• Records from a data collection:
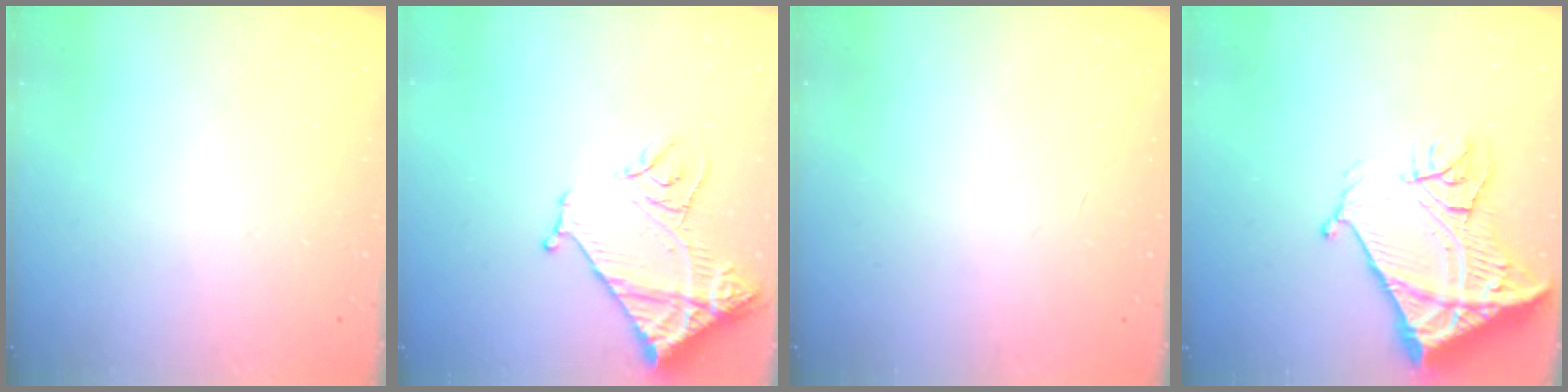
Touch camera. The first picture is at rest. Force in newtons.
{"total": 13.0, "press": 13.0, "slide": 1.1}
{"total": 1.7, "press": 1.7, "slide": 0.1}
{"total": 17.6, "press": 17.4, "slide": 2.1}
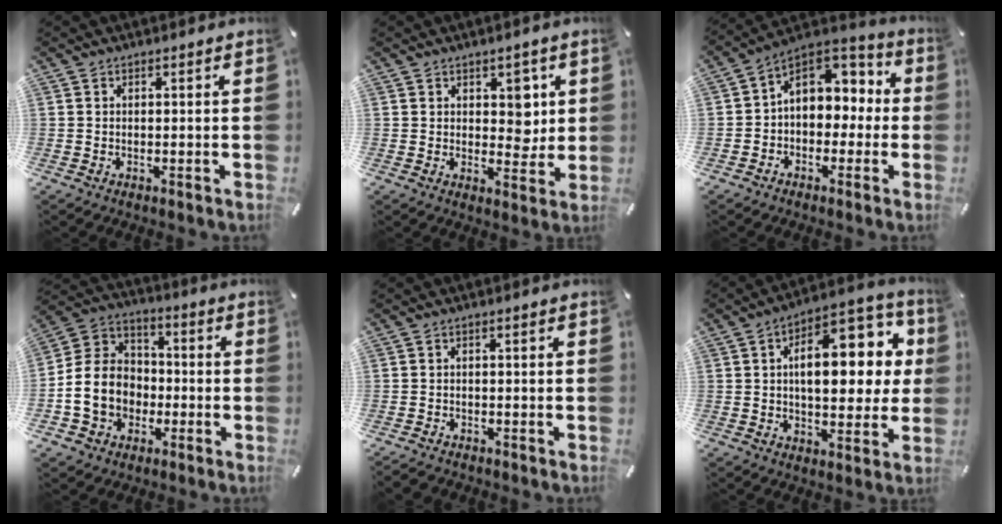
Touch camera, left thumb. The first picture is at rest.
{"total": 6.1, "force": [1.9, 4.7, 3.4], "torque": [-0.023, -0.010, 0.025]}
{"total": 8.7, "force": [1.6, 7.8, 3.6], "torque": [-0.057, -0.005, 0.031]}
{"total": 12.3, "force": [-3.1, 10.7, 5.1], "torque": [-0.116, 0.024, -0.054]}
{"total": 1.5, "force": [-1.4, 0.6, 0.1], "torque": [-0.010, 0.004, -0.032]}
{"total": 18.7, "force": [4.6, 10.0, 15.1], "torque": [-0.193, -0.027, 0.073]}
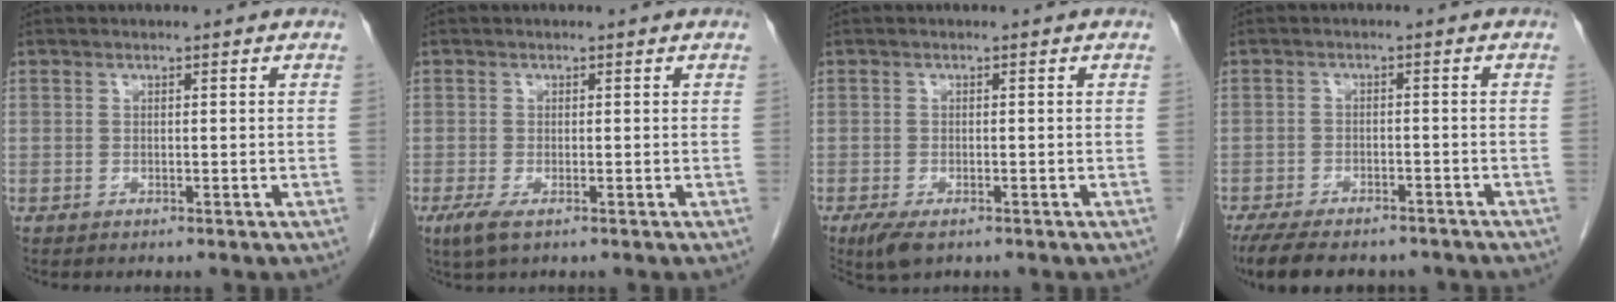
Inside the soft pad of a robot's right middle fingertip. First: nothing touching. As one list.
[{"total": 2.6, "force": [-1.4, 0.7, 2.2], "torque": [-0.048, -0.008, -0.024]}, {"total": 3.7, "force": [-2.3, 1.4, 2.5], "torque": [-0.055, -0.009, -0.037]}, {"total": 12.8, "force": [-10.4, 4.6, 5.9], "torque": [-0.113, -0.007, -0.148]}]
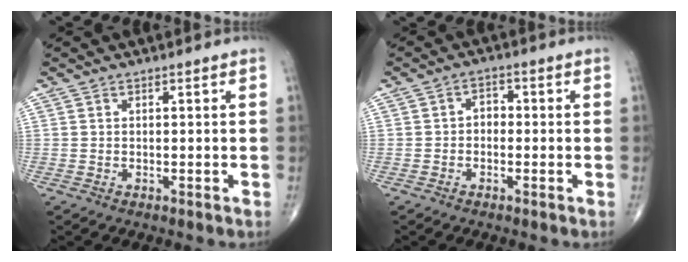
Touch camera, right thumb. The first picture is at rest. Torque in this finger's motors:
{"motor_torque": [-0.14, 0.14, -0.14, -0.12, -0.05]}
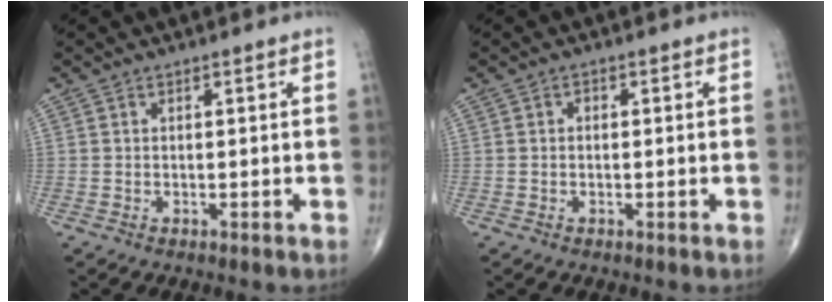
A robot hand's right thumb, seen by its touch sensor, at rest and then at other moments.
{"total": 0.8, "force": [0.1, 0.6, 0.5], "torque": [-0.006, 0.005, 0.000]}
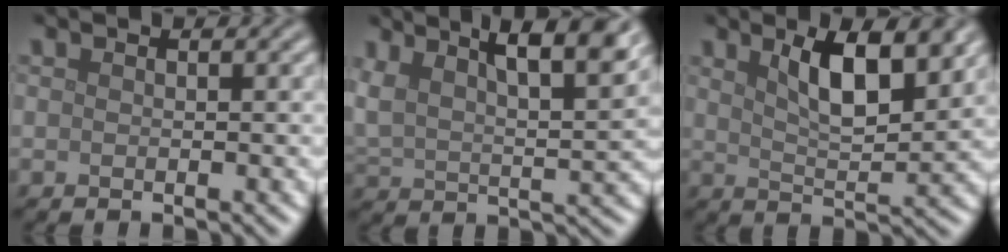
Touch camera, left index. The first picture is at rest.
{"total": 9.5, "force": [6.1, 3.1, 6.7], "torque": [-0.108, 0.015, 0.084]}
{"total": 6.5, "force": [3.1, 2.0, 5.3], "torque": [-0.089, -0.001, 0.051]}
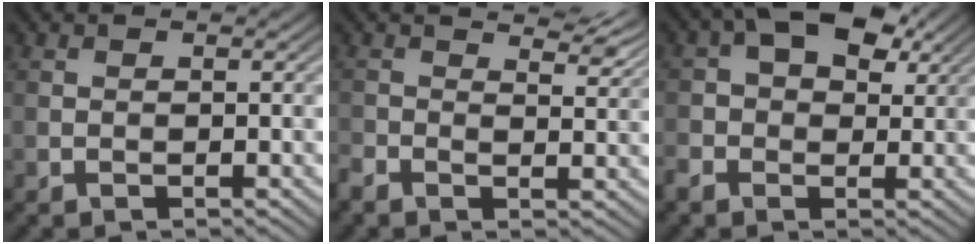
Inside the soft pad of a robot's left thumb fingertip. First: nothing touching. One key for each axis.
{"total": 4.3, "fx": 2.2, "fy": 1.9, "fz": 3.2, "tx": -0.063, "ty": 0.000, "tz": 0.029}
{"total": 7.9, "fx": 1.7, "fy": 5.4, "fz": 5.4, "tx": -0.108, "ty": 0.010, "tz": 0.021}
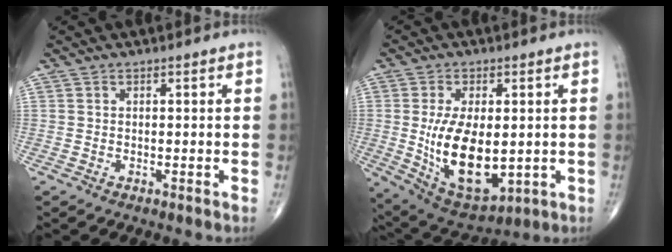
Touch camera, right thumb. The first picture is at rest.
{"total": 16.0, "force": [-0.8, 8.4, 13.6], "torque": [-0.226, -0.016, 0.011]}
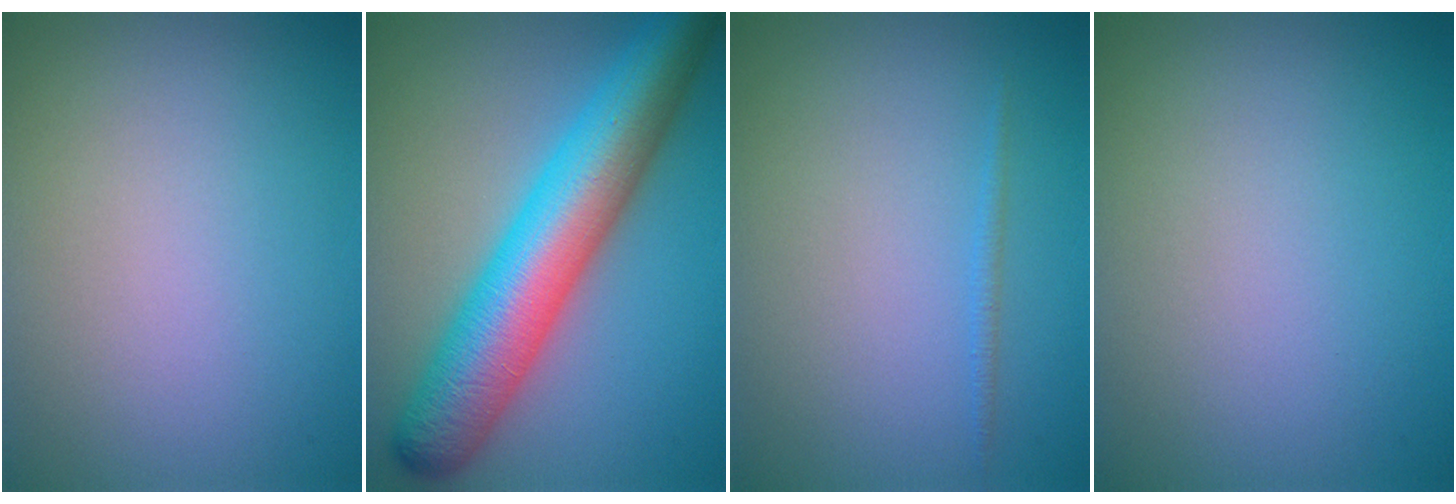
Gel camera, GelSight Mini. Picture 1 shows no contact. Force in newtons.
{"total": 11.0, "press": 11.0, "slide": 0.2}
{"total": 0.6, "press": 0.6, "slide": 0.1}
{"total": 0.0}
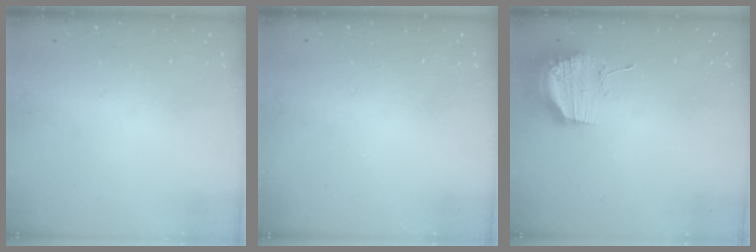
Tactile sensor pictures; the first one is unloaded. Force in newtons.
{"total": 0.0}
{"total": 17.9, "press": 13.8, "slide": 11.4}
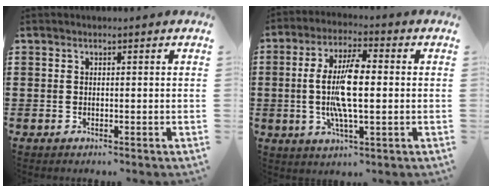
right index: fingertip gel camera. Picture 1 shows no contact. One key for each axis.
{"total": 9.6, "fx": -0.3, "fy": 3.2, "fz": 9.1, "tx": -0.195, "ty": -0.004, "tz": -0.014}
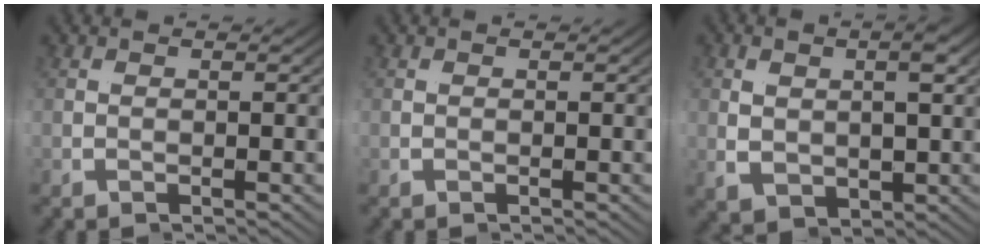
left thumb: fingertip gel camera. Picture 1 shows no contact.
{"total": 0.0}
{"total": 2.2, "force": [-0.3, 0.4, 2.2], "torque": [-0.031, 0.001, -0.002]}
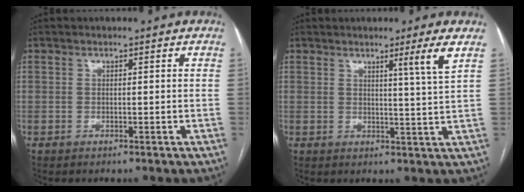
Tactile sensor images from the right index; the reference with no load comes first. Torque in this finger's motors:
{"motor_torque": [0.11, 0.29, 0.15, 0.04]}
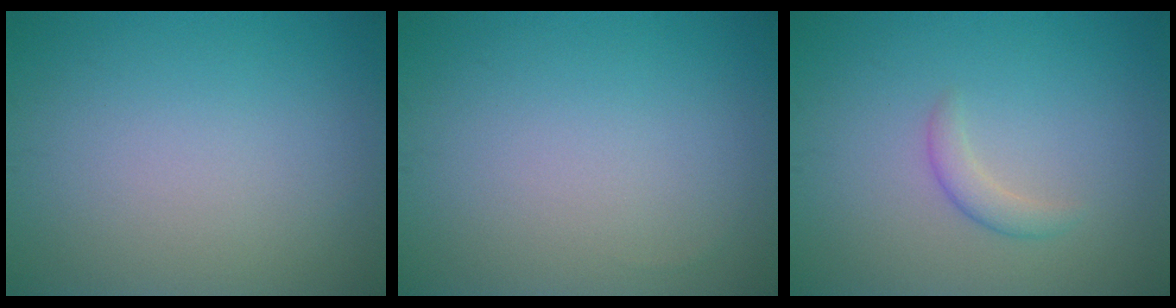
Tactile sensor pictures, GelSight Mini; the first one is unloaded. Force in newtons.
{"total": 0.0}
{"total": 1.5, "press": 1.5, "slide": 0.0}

• Task instructions: Once the pictures are removed, output the entries above exactly as given.

• Exercise response:
Touch camera. The first picture is at rest. Force in newtons.
{"total": 13.0, "press": 13.0, "slide": 1.1}
{"total": 1.7, "press": 1.7, "slide": 0.1}
{"total": 17.6, "press": 17.4, "slide": 2.1}
Touch camera, left thumb. The first picture is at rest.
{"total": 6.1, "force": [1.9, 4.7, 3.4], "torque": [-0.023, -0.010, 0.025]}
{"total": 8.7, "force": [1.6, 7.8, 3.6], "torque": [-0.057, -0.005, 0.031]}
{"total": 12.3, "force": [-3.1, 10.7, 5.1], "torque": [-0.116, 0.024, -0.054]}
{"total": 1.5, "force": [-1.4, 0.6, 0.1], "torque": [-0.010, 0.004, -0.032]}
{"total": 18.7, "force": [4.6, 10.0, 15.1], "torque": [-0.193, -0.027, 0.073]}
Inside the soft pad of a robot's right middle fingertip. First: nothing touching. As one list.
[{"total": 2.6, "force": [-1.4, 0.7, 2.2], "torque": [-0.048, -0.008, -0.024]}, {"total": 3.7, "force": [-2.3, 1.4, 2.5], "torque": [-0.055, -0.009, -0.037]}, {"total": 12.8, "force": [-10.4, 4.6, 5.9], "torque": [-0.113, -0.007, -0.148]}]
Touch camera, right thumb. The first picture is at rest. Torque in this finger's motors:
{"motor_torque": [-0.14, 0.14, -0.14, -0.12, -0.05]}
A robot hand's right thumb, seen by its touch sensor, at rest and then at other moments.
{"total": 0.8, "force": [0.1, 0.6, 0.5], "torque": [-0.006, 0.005, 0.000]}
Touch camera, left index. The first picture is at rest.
{"total": 9.5, "force": [6.1, 3.1, 6.7], "torque": [-0.108, 0.015, 0.084]}
{"total": 6.5, "force": [3.1, 2.0, 5.3], "torque": [-0.089, -0.001, 0.051]}
Inside the soft pad of a robot's left thumb fingertip. First: nothing touching. One key for each axis.
{"total": 4.3, "fx": 2.2, "fy": 1.9, "fz": 3.2, "tx": -0.063, "ty": 0.000, "tz": 0.029}
{"total": 7.9, "fx": 1.7, "fy": 5.4, "fz": 5.4, "tx": -0.108, "ty": 0.010, "tz": 0.021}
Touch camera, right thumb. The first picture is at rest.
{"total": 16.0, "force": [-0.8, 8.4, 13.6], "torque": [-0.226, -0.016, 0.011]}
Gel camera, GelSight Mini. Picture 1 shows no contact. Force in newtons.
{"total": 11.0, "press": 11.0, "slide": 0.2}
{"total": 0.6, "press": 0.6, "slide": 0.1}
{"total": 0.0}
Tactile sensor pictures; the first one is unloaded. Force in newtons.
{"total": 0.0}
{"total": 17.9, "press": 13.8, "slide": 11.4}
right index: fingertip gel camera. Picture 1 shows no contact. One key for each axis.
{"total": 9.6, "fx": -0.3, "fy": 3.2, "fz": 9.1, "tx": -0.195, "ty": -0.004, "tz": -0.014}
left thumb: fingertip gel camera. Picture 1 shows no contact.
{"total": 0.0}
{"total": 2.2, "force": [-0.3, 0.4, 2.2], "torque": [-0.031, 0.001, -0.002]}
Tactile sensor images from the right index; the reference with no load comes first. Torque in this finger's motors:
{"motor_torque": [0.11, 0.29, 0.15, 0.04]}
Tactile sensor pictures, GelSight Mini; the first one is unloaded. Force in newtons.
{"total": 0.0}
{"total": 1.5, "press": 1.5, "slide": 0.0}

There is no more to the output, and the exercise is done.